AngelAviary, I think we could have a champion class at Kalamazoo shows this December!


----------



## Jacknic (Sep 14, 2010)

kjgendreau said:


> This is what he looks like now. His ears have bands in them in attempt to keep the hair out of his mouth. :act-up:


Kristen, he looks great, he will finish his UKC championship really fast.


----------



## wolfcub81 (Feb 5, 2010)

AngelAviary said:


> Your going to do fantastic. His coat is great! No worries there! Im considering bringing Stella out for her Grand Ch. don't know if I will find the competition though. You will do great! Im sure he will get his Grand UKC also in no time, he is just gorgeous.
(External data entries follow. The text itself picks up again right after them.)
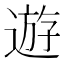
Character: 遊
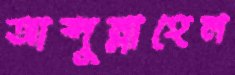
আব্দুল্লাহেল
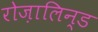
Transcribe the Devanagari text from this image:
रोज़ालिन्ड
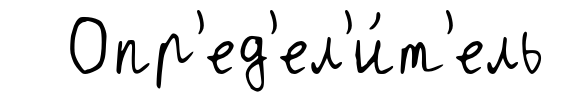
Опр'ед'ел'и́т'ель
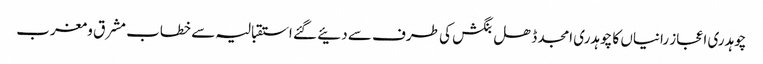
چوہدری اعجاز رانیاں کا چوہدری امجد ڈھل بنگش کی طرف سے دئیے گئے استقبالیہ سے خطاب	 مشرق و مغرب
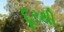
દૂરથી
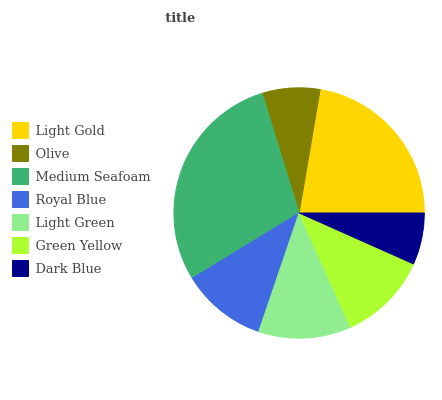
| Light Gold | Olive | Medium Seafoam | Royal Blue | Light Green | Green Yellow | Dark Blue |
 | --- | --- | --- | --- | --- | --- | --- |
 | 22.3% | 7.47% | 29% | 11.1% | 11.9% | 11.6% | 6.67% |
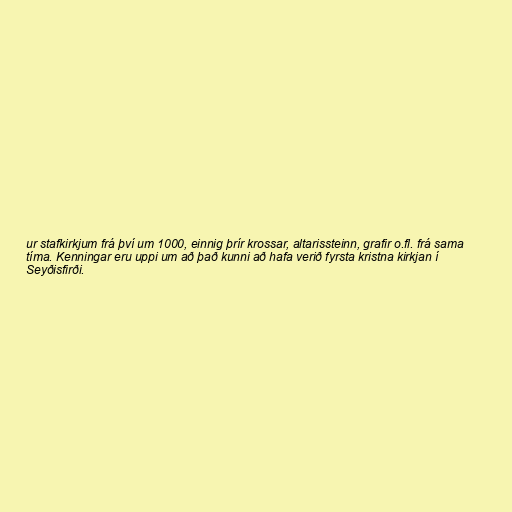
ur stafkirkjum frá því um 1000, einnig þrír krossar, altarissteinn, grafir o.fl. frá sama
tíma. Kenningar eru uppi um að það kunni að hafa verið fyrsta kristna kirkjan í
Seyðisfirði.
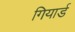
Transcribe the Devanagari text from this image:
गियार्ड
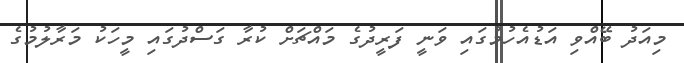
މިއަދު ބޭއްވި އަޑުއެހުމުގައި ވަނީ ފަރީދުގެ މައްޗަށް ކުރާ ގަސްދުގައި މީހަކު މަރާލުމުގެ
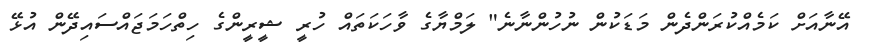
އޭނާއަށް ކަމެއްކުރަންދެން މަޑަކުން ނުހުންނާނެ" ލަމްޔާގެ ވާހަކަތައް ހުރީ ޝީރީންގެ ހިތްހަމަޖައްސައިދޭން އުޅޭ
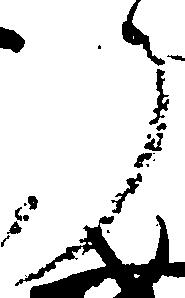
了
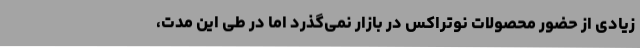
زیادی از حضور محصولات نوتراکس در بازار نمی‌گذرد اما در طی این مدت،
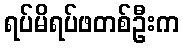
ရပ်မိရပ်ဖတစ်ဦးက
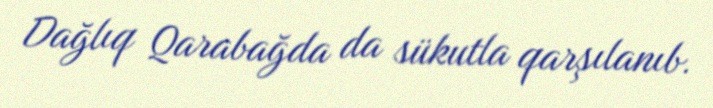
Dağlıq Qarabağda da sükutla qarşılanıb.
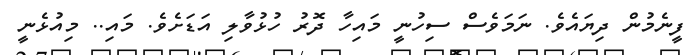
ފީނެމުން ދިޔައެވެ. ނަމަވެސް ސިހުނީ މައިހާ ދޮރު ހުޅުވާލި އަޑަށެވެ. މައި.. މިއުޅެނީ
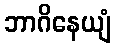
ဘာဂိနေယျံ
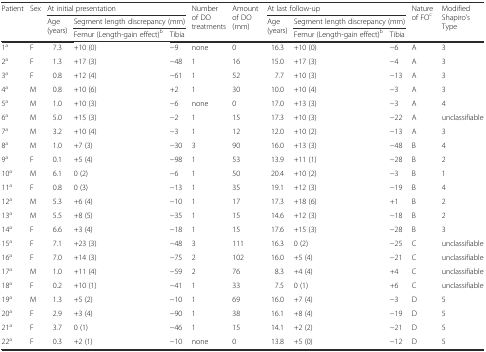
<table><thead><tr><td rowspan="3"><b>Patient</b></td><td rowspan="3"><b>Sex</b></td><td colspan="3"><b>At initial presentation</b></td><td rowspan="3"><b>Number of DO treatments</b></td><td rowspan="3"><b>Amount of DO (mm)</b></td><td colspan="3"><b>At last follow-up</b></td><td rowspan="3"><b>Nature of FO<sup>c</sup></b></td><td rowspan="3"><b>Modified Shapiro’s Type</b></td></tr><tr><td rowspan="2"><b>Age (years)</b></td><td colspan="2"><b>Segment length discrepancy (mm)</b></td><td rowspan="2"><b>Age (years)</b></td><td colspan="2"><b>Segment length discrepancy (mm)</b></td></tr><tr><td><b>Femur (Length-gain effect)<sup>b</sup></b></td><td><b>Tibia</b></td><td><b>Femur (Length-gain effect)<sup>b</sup></b></td><td><b>Tibia</b></td></tr></thead><tbody><tr><td>1<sup>a</sup></td><td>F</td><td>7.3</td><td>+10 (0)</td><td>−9</td><td>none</td><td>0</td><td>16.3</td><td>+10 (0)</td><td>−6</td><td>A</td><td>3</td></tr><tr><td>2<sup>a</sup></td><td>F</td><td>1.3</td><td>+17 (3)</td><td>−48</td><td>1</td><td>16</td><td>15.0</td><td>+17 (3)</td><td>−4</td><td>A</td><td>3</td></tr><tr><td>3<sup>a</sup></td><td>F</td><td>0.8</td><td>+12 (4)</td><td>−61</td><td>1</td><td>52</td><td>7.7</td><td>+10 (3)</td><td>−13</td><td>A</td><td>3</td></tr><tr><td>4<sup>a</sup></td><td>M</td><td>0.8</td><td>+10 (6)</td><td>+2</td><td>1</td><td>30</td><td>10.0</td><td>+10 (4)</td><td>−3</td><td>A</td><td>3</td></tr><tr><td>5<sup>a</sup></td><td>M</td><td>1.0</td><td>+10 (3)</td><td>−6</td><td>none</td><td>0</td><td>17.0</td><td>+13 (3)</td><td>−3</td><td>A</td><td>4</td></tr><tr><td>6<sup>a</sup></td><td>M</td><td>5.0</td><td>+15 (3)</td><td>−2</td><td>1</td><td>15</td><td>17.3</td><td>+10 (3)</td><td>−22</td><td>A</td><td>unclassifiable</td></tr><tr><td>7<sup>a</sup></td><td>M</td><td>3.2</td><td>+10 (4)</td><td>−3</td><td>1</td><td>12</td><td>12.0</td><td>+10 (2)</td><td>−13</td><td>A</td><td>3</td></tr><tr><td>8<sup>a</sup></td><td>M</td><td>1.0</td><td>+7 (3)</td><td>−30</td><td>3</td><td>90</td><td>16.0</td><td>+13 (3)</td><td>−48</td><td>B</td><td>4</td></tr><tr><td>9<sup>a</sup></td><td>F</td><td>0.1</td><td>+5 (4)</td><td>−98</td><td>1</td><td>53</td><td>13.9</td><td>+11 (1)</td><td>−28</td><td>B</td><td>2</td></tr><tr><td>10<sup>a</sup></td><td>M</td><td>6.1</td><td>0 (2)</td><td>−6</td><td>1</td><td>50</td><td>20.4</td><td>+10 (2)</td><td>−3</td><td>B</td><td>1</td></tr><tr><td>11<sup>a</sup></td><td>F</td><td>0.8</td><td>0 (3)</td><td>−13</td><td>1</td><td>35</td><td>19.1</td><td>+12 (3)</td><td>−19</td><td>B</td><td>4</td></tr><tr><td>12<sup>a</sup></td><td>M</td><td>5.3</td><td>+6 (4)</td><td>−10</td><td>1</td><td>17</td><td>17.3</td><td>+18 (6)</td><td>+1</td><td>B</td><td>2</td></tr><tr><td>13<sup>a</sup></td><td>M</td><td>5.5</td><td>+8 (5)</td><td>−35</td><td>1</td><td>15</td><td>14.6</td><td>+12 (3)</td><td>−18</td><td>B</td><td>2</td></tr><tr><td>14<sup>a</sup></td><td>F</td><td>6.6</td><td>+3 (4)</td><td>−18</td><td>1</td><td>15</td><td>17.6</td><td>+15 (3)</td><td>−28</td><td>B</td><td>3</td></tr><tr><td>15<sup>a</sup></td><td>F</td><td>7.1</td><td>+23 (3)</td><td>−48</td><td>3</td><td>111</td><td>16.3</td><td>0 (2)</td><td>−25</td><td>C</td><td>unclassifiable</td></tr><tr><td>16<sup>a</sup></td><td>F</td><td>7.0</td><td>+14 (3)</td><td>−75</td><td>2</td><td>102</td><td>16.0</td><td>+5 (4)</td><td>−21</td><td>C</td><td>unclassifiable</td></tr><tr><td>17<sup>a</sup></td><td>M</td><td>1.0</td><td>+11 (4)</td><td>−59</td><td>2</td><td>76</td><td>8.3</td><td>+4 (4)</td><td>+4</td><td>C</td><td>unclassifiable</td></tr><tr><td>18<sup>a</sup></td><td>F</td><td>0.2</td><td>+10 (1)</td><td>−41</td><td>1</td><td>33</td><td>7.5</td><td>0 (1)</td><td>+6</td><td>C</td><td>unclassifiable</td></tr><tr><td>19<sup>a</sup></td><td>M</td><td>1.3</td><td>+5 (2)</td><td>−10</td><td>1</td><td>69</td><td>16.0</td><td>+7 (4)</td><td>−3</td><td>D</td><td>5</td></tr><tr><td>20<sup>a</sup></td><td>F</td><td>2.9</td><td>+3 (4)</td><td>−90</td><td>1</td><td>38</td><td>16.1</td><td>+8 (4)</td><td>−19</td><td>D</td><td>5</td></tr><tr><td>21<sup>a</sup></td><td>F</td><td>3.7</td><td>0 (1)</td><td>−46</td><td>1</td><td>15</td><td>14.1</td><td>+2 (2)</td><td>−21</td><td>D</td><td>5</td></tr><tr><td>22<sup>a</sup></td><td>F</td><td>0.3</td><td>+2 (1)</td><td>−10</td><td>none</td><td>0</td><td>13.8</td><td>+5 (0)</td><td>−12</td><td>D</td><td>5</td></tr></tbody></table>
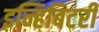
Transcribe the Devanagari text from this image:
इन्हिबिटरी
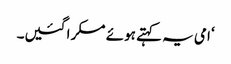
‘ امی یہ کہتے ہوئے مسکرا گئیں۔
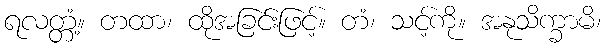
ရလတ္တံ့။ တထာ၊ ထိုအခြင်းဖြင့်။ တံ၊ သင့်ကို။ အနုသိက္ခာမိ၊
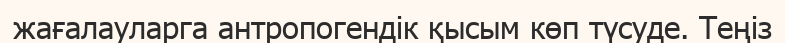
жағалауларга антропогендік қысым көп түсуде. Теңіз
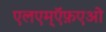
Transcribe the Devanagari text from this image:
एलएम्ऍफ़एओ
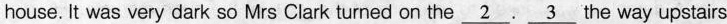
house. It was very dark so Mrs Clark turned on the \underline{2}. \underline{3} the way upstairs
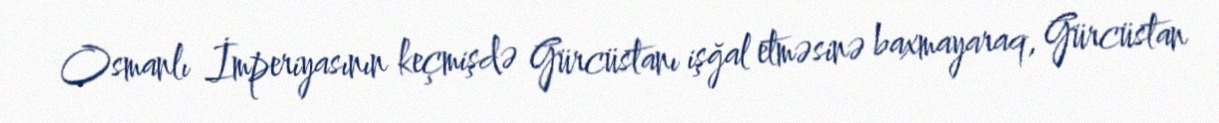
Osmanlı İmperiyasının keçmişdə Gürcüstanı işğal etməsinə baxmayaraq, Gürcüstan
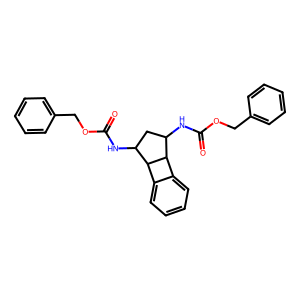
SMILES: O=C(NC1CC(NC(=O)OCc2ccccc2)C2c3ccccc3C12)OCc1ccccc1
Inhibits HIV replication: No
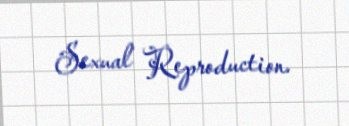
Sexual Reproduction.
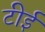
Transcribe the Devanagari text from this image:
टीई
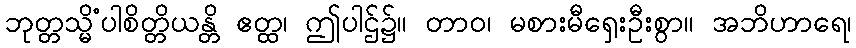
ဘုတ္တသ္မိံပါစိတ္တိယန္တိ ဧတ္ထ၊ ဤပါဌ်၌။ တာဝ၊ မစားမီရှေးဦးစွာ။ အဘိဟာရေ၊

There are supposed to be a lot of poodles in Wapakoneta this weekend. I'm only going for Sunday. Kzoo I have to see. Jacnic, do you know if there will be solids?


----------



## kjgendreau (Oct 20, 2015)

Well, I took Solo to the show yesterday. There were two other standards competing. A class bitch and a bitch in the champions class. Solo won best of breed over both girls and second in the gundog group at both shows! He is now known as AKC GCH and UKC CH Musique Moonlight Concerto! :act-up:

Kirsten


----------



## AngelAviary (Aug 12, 2014)

Oh Congratulations!! I just knew he was going to do fantastic! Are you going for his Grand now? Im sure he will pick it up in no time!


----------



## kjgendreau (Oct 20, 2015)

Not sure about his grand. There are very few solid colored standards being shown right now in UKC. I think for winter, I am going to take his bracelets shorter and probably his ears as well. He played in the snow after and came in the door with his feet packed in snow. Nothing in UKC around her until May, I believe. No point in torturing myself with grooming. :act-up:

I will say, the best part of the UKC show is I didn't have to go home and wash out hairspray. :act-up:

Kirsten


----------